Owing to the potential risks to the CV system, the CVC should be appropriately controlled in dialysis patients. However, methods for reversing the impact of calcified valves are limited. The aim of the current medical treatment of CVC emphasizes the control and prevention of CKD-MBD, namely, the stabilization of the serum levels of calcium, phosphate, and PTH42,57. Calcimimetics, calcitriol, and vitamin D analogs are used to treat secondary hyperparathyroidism in dialysis patients58. Although vitamin D analogs decrease serum PTH levels, they also induce calcification by elevating serum calcium and phosphate levels59. Therefore, calcimimetics such as cinacalcet activate receptors on the parathyroid gland and thus lower the levels of PTH, serum calcium, and phosphate have been introduced. However, a randomized controlled trial and meta-analysis did not find significant reductions in all-cause mortality, CV mortality, or major adverse CV events in dialysis patients receiving cinacalcet therapy60,61. Calcium-based and non-calcium-based phosphate binders are widely used62. Non-calcium-based phosphate binders, such as sevelamer, were found to be associated with lower all-cause mortality than calcium-based phosphate binders in one study63, whereas another study found no significant benefit on CV mortality64. Owing to the failure of traditional therapies, novel treatments have emerged to control CVC in patients with CKD or on dialysis. For example, serum alkaline phosphate levels have been correlated with CVC in HD patients65, and serum albumin levels have been shown to be predictors of CVC severity in dialysis patients66. In addition, a novel calcification inhibitor, SNF472, has entered clinical trials67.

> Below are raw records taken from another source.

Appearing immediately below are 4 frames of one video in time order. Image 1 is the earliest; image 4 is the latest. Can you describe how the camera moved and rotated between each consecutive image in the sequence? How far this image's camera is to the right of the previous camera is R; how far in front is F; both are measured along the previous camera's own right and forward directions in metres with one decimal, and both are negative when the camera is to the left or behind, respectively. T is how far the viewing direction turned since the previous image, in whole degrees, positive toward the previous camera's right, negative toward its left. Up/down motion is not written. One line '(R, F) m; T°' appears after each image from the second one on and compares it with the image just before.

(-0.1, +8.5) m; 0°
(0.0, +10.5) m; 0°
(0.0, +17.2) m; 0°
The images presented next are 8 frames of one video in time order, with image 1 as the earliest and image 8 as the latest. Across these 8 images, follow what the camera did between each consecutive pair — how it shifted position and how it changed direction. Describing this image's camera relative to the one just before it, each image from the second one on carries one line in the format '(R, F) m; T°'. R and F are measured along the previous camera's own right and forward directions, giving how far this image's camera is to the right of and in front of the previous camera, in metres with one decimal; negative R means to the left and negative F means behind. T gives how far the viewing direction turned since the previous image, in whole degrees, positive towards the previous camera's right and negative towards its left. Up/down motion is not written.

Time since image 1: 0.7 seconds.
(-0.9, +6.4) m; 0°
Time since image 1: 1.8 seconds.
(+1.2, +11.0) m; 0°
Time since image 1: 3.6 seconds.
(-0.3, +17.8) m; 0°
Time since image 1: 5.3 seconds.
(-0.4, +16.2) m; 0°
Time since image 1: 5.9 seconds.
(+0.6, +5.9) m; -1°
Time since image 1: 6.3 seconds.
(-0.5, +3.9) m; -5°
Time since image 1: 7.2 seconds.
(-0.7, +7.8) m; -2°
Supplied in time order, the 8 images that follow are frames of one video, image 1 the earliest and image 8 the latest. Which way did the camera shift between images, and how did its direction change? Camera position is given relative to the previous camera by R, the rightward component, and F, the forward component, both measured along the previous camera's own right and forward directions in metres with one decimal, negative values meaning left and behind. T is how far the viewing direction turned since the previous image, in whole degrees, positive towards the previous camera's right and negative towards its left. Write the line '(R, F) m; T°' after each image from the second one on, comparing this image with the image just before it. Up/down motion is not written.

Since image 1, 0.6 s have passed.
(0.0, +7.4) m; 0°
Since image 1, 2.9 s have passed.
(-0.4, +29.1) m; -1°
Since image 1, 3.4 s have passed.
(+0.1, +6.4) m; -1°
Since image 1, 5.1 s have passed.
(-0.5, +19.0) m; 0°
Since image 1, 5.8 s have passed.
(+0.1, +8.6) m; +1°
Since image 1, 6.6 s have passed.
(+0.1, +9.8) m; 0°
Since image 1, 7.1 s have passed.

This study had several limitations. First, because of the relatively strict inclusion criteria and the limited number of previous studies, the analysis included only 10 studies, and the majority of patients included in the studies were from Asia, which may have led to publication bias and restricted the applicability of this meta-analysis to different populations. Second, the adjustments for covariates between the studies were different, and the heterogeneity in the comparisons of CV mortality may have influenced the robustness of the results. Third, the relatively short median dialysis time may have prevented the detection of certain CV diseases, which typically require a long period of development.

Conclusion

This article summarizes recent findings regarding the association between CVC and prognosis in dialysis patients and reviews the factors and mechanisms involved in the development of CVC. These results indicate that CVC is associated with higher all-cause and CV mortality in patients undergoing dialysis, whether HD or PD patients. Patients with MVC had a higher all-cause mortality than those with AVC. Further research is required to develop new treatments and to elucidate the mechanisms involved in the development of CVC.